Personal information
- Full name: Neda Shahsavari
- Nationality: Iranian
- Born: 21 September 1986 (age 39) Kermanshah, Iran
- Height: 167.5
- Weight: 67

Sport
- Sport: Table tennis
- Playing style: Shakehand Counter Driver
- Highest ranking: 135 (April 2019)

Medal record
Women's table tennis
Representing Iran
Islamic Solidarity Games
| Gold medal – first place | 2017 Baku | Team |
| Gold medal – first place | 2021 Konya | Team |
| Gold medal – first place | 2025 Riyadh | Singles |
| Gold medal – first place | 2025 Riyadh | Double |
| Silver medal – second place | 2021 Konya | Singles |
| Bronze medal – third place | 2025 Riyadh | Team |

= Neda Shahsavari =

Iranian table tennis player

Neda Shahsavari (ندا شهسواری, born 21 September 1986 in Kermanshah) is an Iranian table tennis player who qualified to compete in the 2012 Summer Olympics in London.

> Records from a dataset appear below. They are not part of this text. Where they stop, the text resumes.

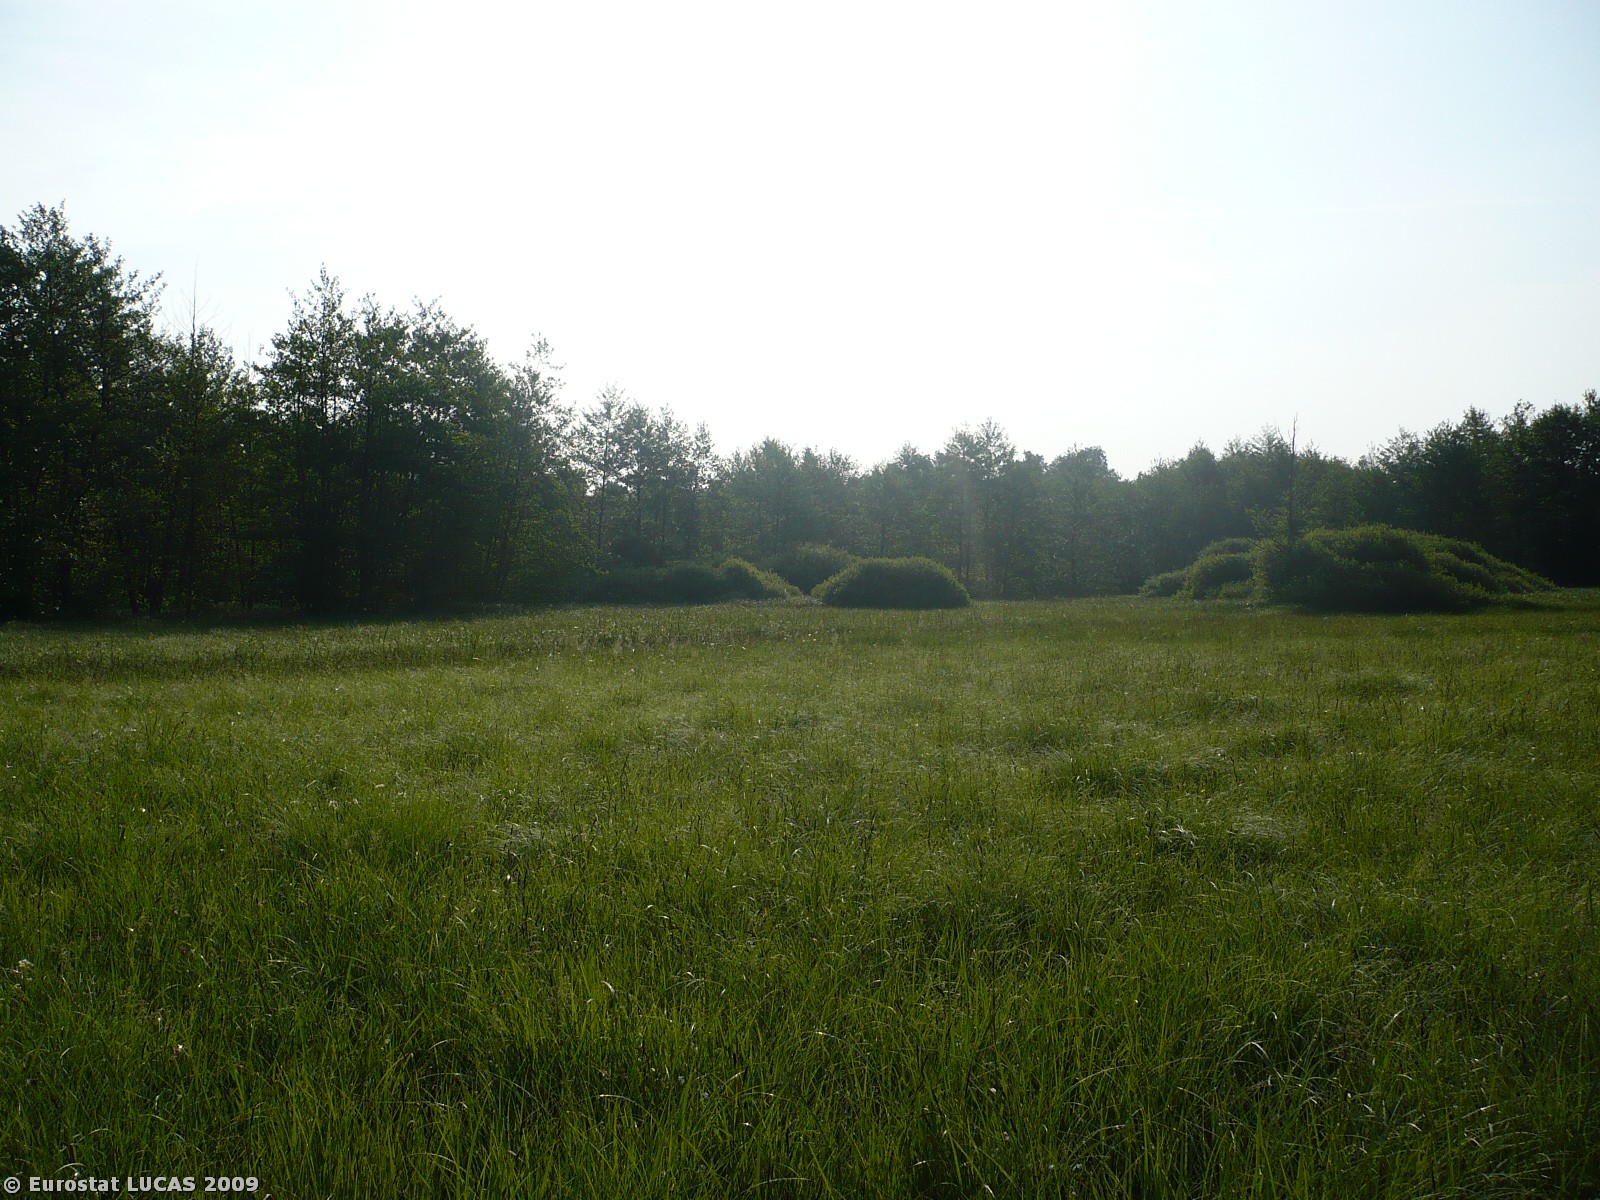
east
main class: Shrubland
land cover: Shrubland with sparse tree cover
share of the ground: > 75 %
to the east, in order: Shrubland with sparse tree cover; Grassland with sparse tree/shrub cover; Broadleaved woodland
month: May
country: SI
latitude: 45.8927
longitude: 15.3453

Through qualifying, she became the first woman to represent Iran in table tennis for the Olympic Games. She was born in the city of Kermanshah and she studied physical education at university.

== Olympic ==
She has also qualified to play in her second olympics, at Rio 2016. On May 19, 2024, after winning the Central Asia Championship, Shahsavari was able to get a quota for the 2024 Summer Olympics and go to the Olympics for the third time.